The BBC and the Tower of Babel

Sep 17, 2019 by

by David Robertson, Christian Today:

Genesis 11 tells us the fascinating story of the tower of Babel. Humanity was setting itself up against God and as part of that decided to build a skyscraper. God’s means of frustrating this is revealing – “Come, let us go down and confuse their language so they will not understand each other.” The plan worked. Humanity was divided and scattered.

Melvin Tinker, an Anglican vicar, uses the imagery of the tower of Babel, together with that of CS Lewis’s brilliant and prophetic That Hideous Strength, to demonstrate the particular route our culture is going down. Tinker’s book, The Hideous Strength, How the West was Lost, is an important and essential work of for understanding our culture. It is just being republished in an expanded edition.

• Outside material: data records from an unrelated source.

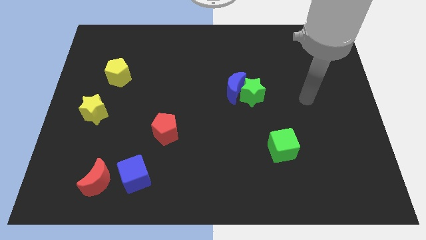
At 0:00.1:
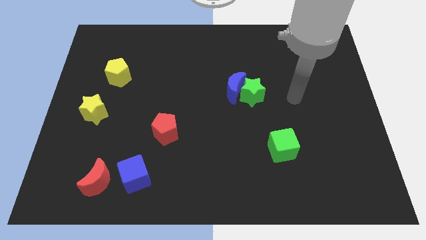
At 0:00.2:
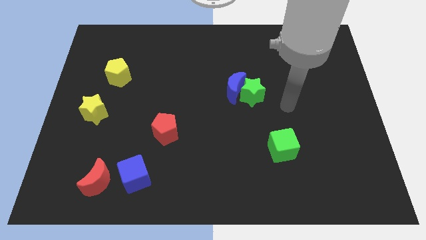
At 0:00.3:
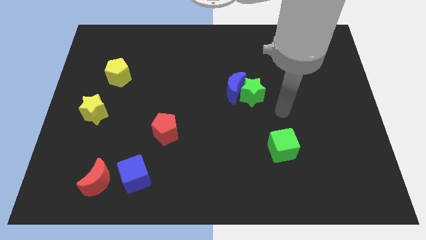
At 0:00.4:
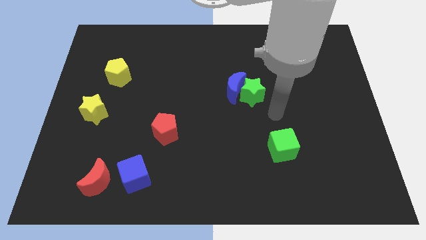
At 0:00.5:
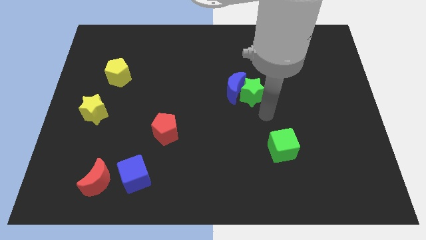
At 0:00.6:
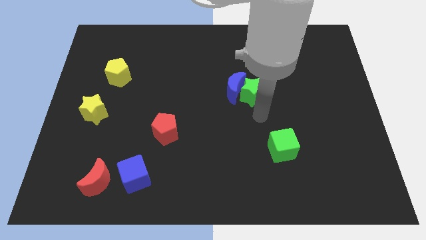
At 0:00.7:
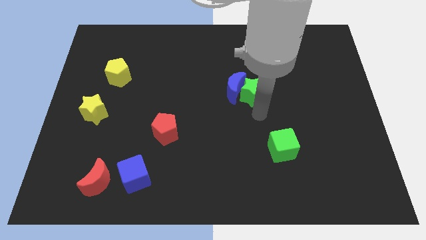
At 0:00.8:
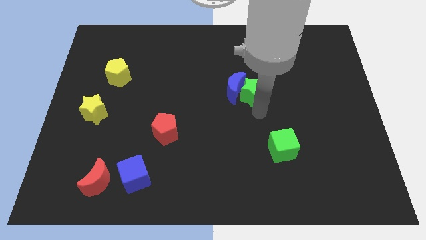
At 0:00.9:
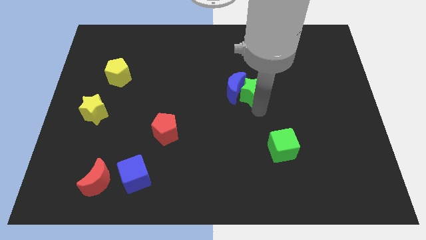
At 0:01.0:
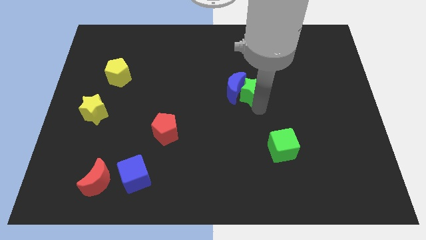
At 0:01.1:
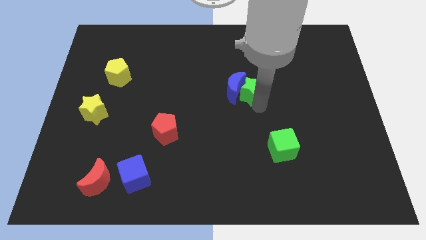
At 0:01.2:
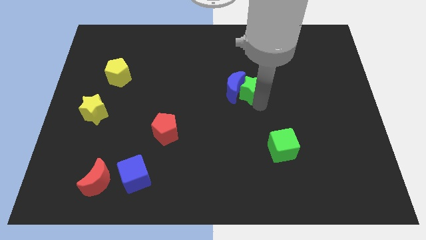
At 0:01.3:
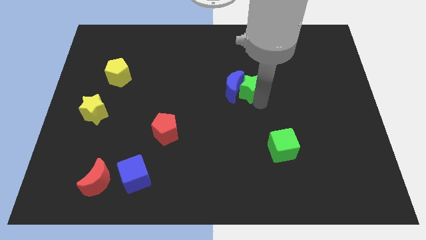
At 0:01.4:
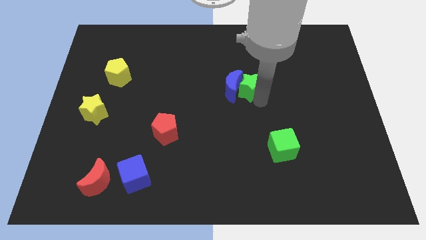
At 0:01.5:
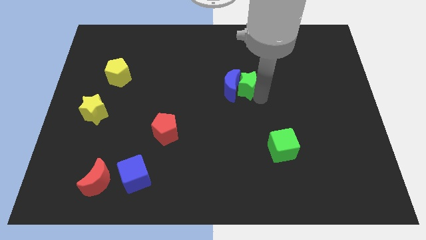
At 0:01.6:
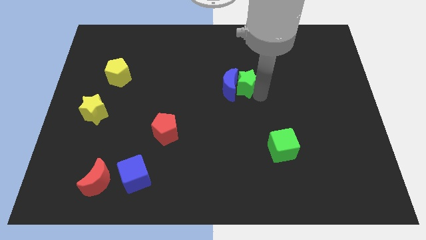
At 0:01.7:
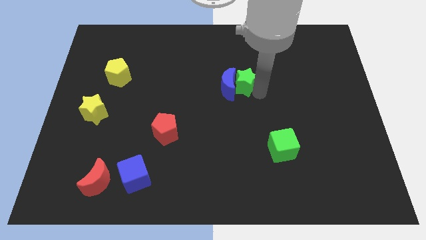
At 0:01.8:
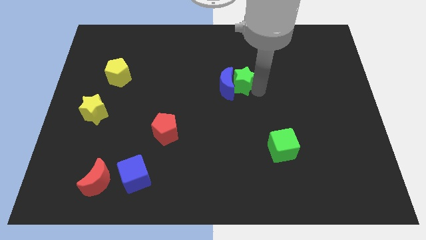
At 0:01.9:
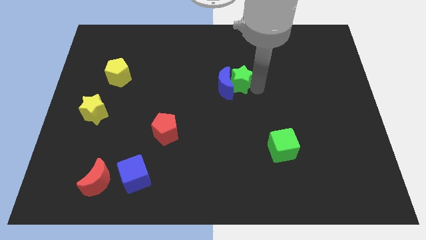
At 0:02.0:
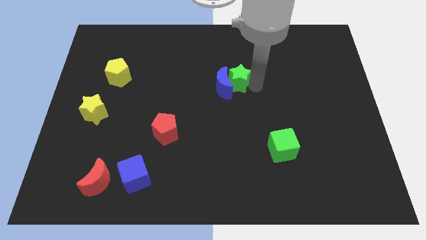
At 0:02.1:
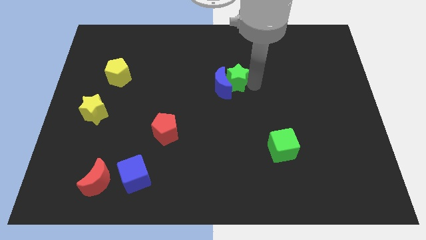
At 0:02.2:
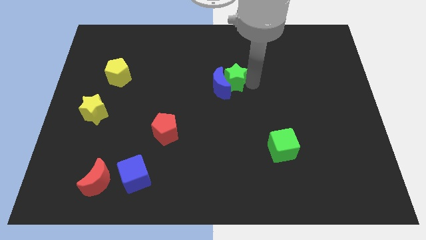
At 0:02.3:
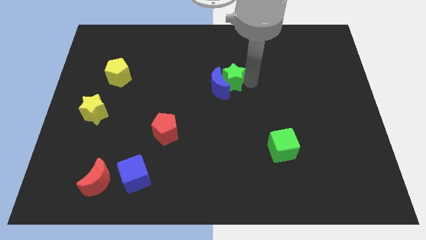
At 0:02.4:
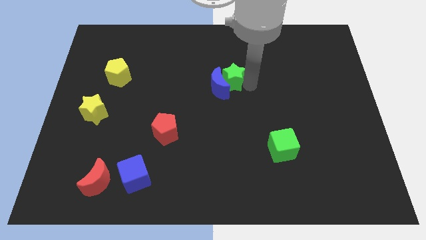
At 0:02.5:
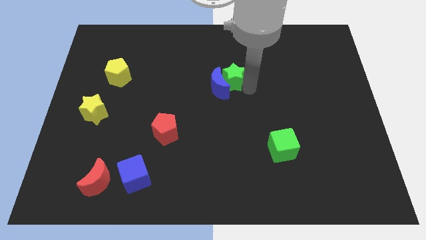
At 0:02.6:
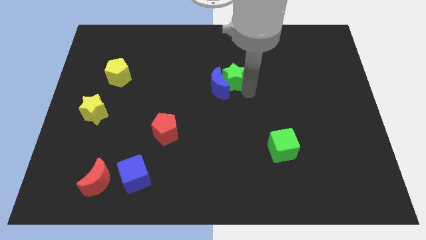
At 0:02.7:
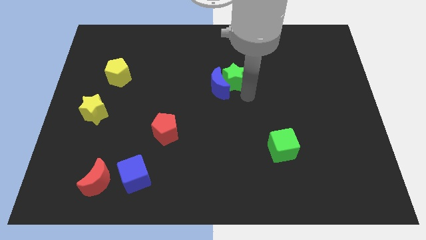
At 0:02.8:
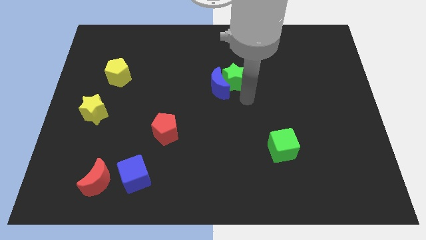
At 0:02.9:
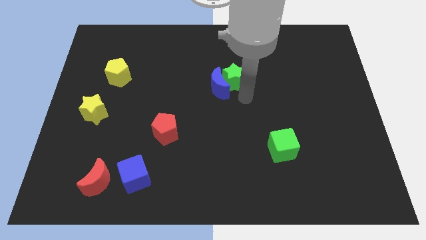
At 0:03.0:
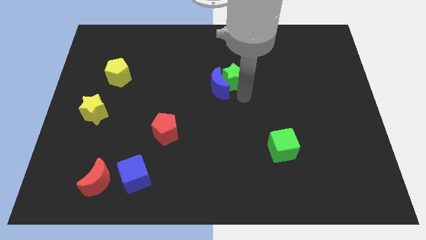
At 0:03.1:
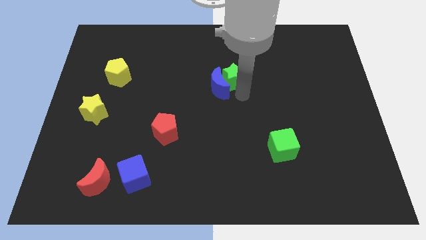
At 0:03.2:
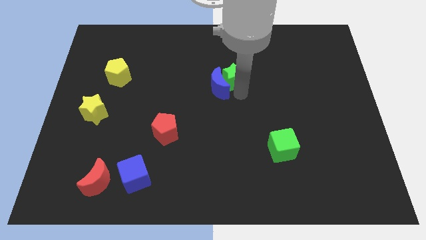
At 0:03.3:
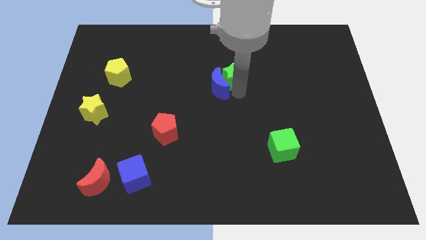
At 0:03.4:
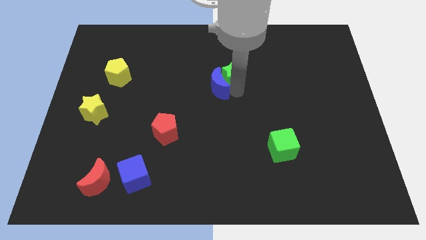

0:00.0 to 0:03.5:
push the green star a little bit up and to the left

He shows how the tower of Babel remains a pattern for human rebellion against God. Chronological snobbery (the latest is the greatest etc) can blind us to insights from previous generations. Tinker argues that communalism (where group rather than individual identity reigns), constructionism (using language to deconstruct God and create our own gods) and connectivity (using one language to connect to one another and enable their rebellion against God) are typical of that rebellion.

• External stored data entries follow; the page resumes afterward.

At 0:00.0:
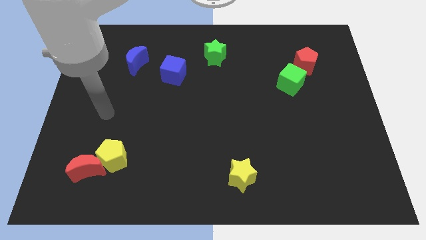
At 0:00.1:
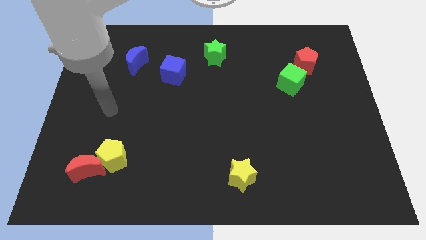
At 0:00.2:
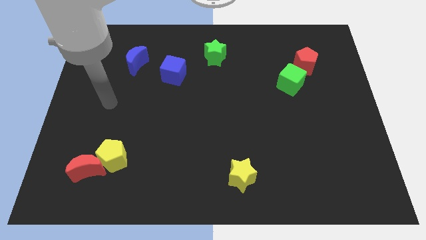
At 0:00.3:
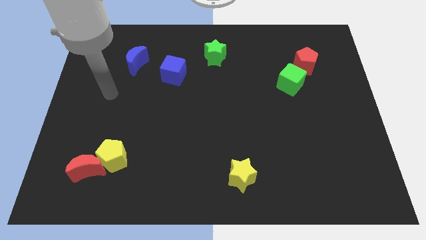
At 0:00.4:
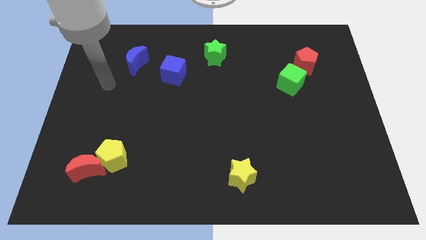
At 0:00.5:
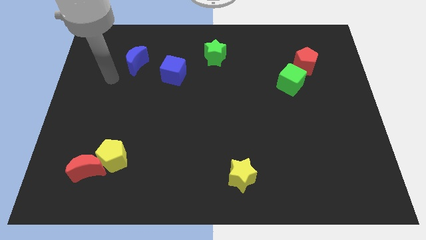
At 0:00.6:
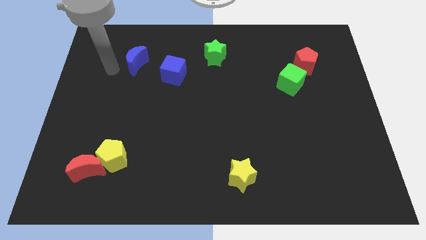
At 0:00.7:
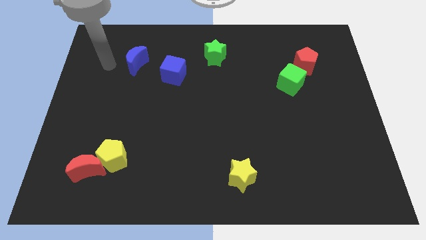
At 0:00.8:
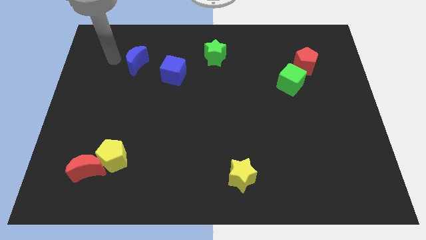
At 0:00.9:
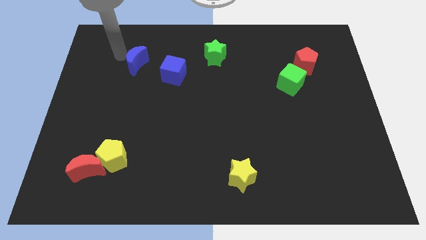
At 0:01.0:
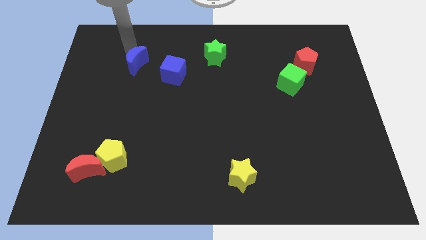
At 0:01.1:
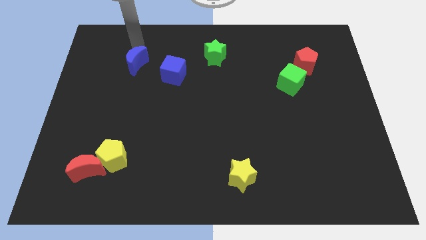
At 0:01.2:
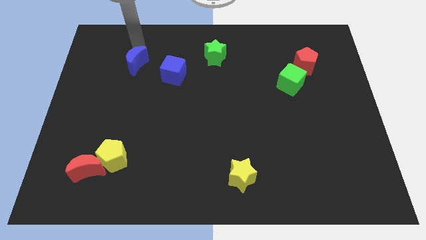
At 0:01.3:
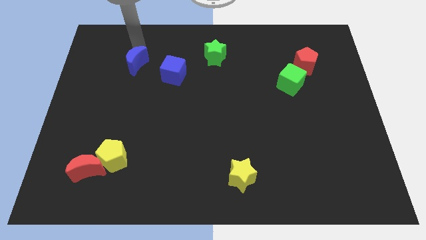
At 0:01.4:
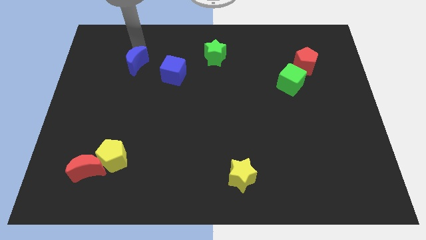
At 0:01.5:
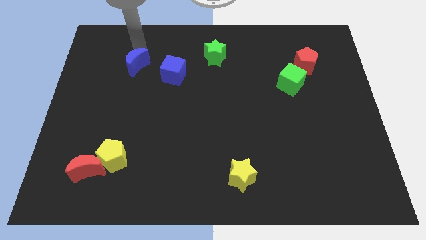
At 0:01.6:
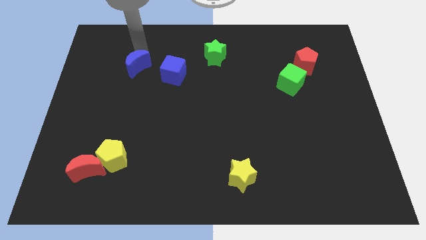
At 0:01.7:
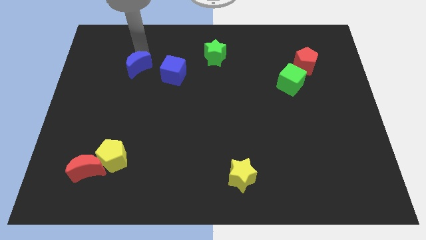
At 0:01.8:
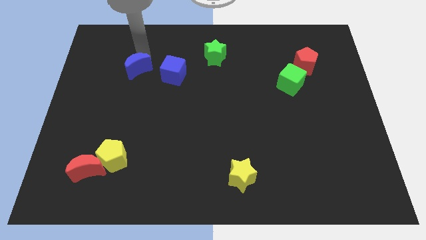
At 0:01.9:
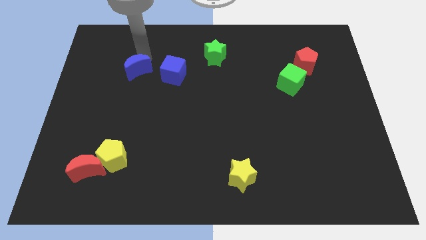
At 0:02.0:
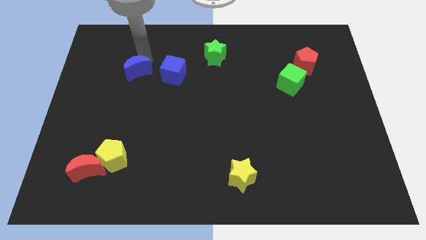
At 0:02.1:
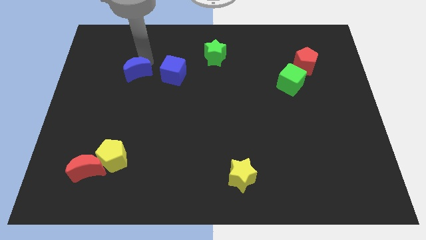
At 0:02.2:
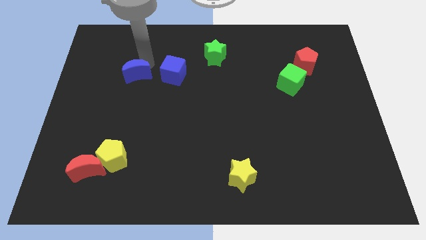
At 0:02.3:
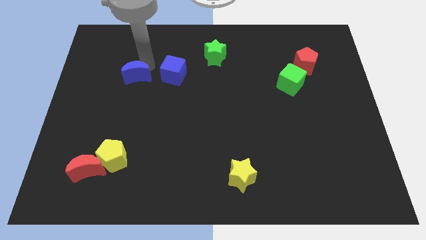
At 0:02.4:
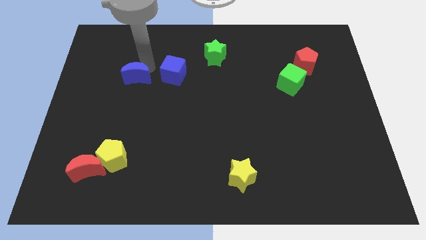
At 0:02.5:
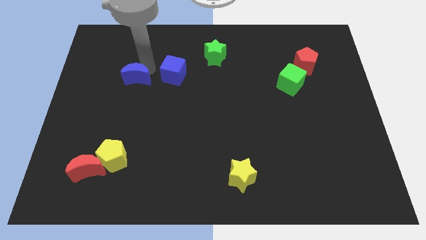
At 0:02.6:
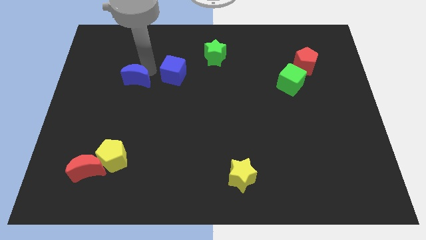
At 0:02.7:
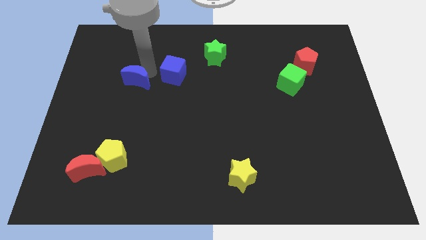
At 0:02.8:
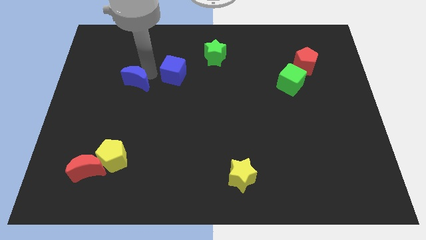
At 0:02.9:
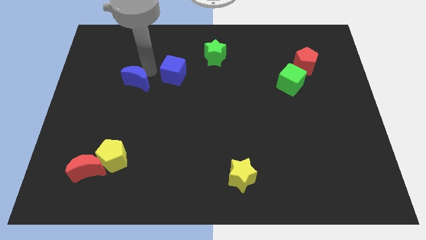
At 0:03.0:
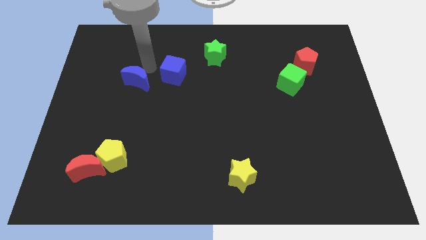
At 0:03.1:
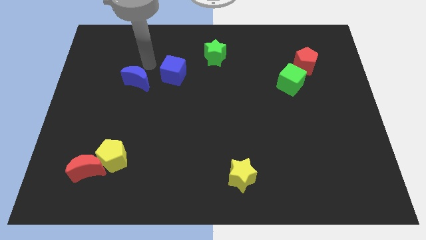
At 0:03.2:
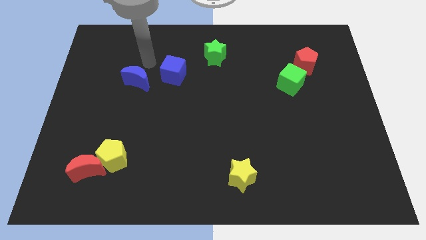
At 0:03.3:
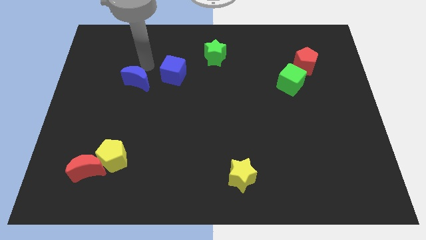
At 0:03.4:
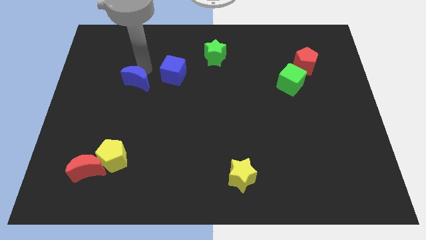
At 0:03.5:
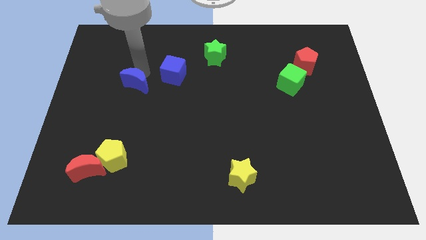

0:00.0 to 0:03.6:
slide the blue moon downwards somewhat

I think this statement does need some qualification, however. There is a communalism (the church) that is good, a constructionism (building the Kingdom of God and caring for the earth), which is constructive, not destructive, and a connectivity (the tongues of Pentecost which proclaim the Gospel of Jesus rather than the tongues of Babel) that is positive. But Tinker is right to argue that Babylon tries to imitate Jerusalem.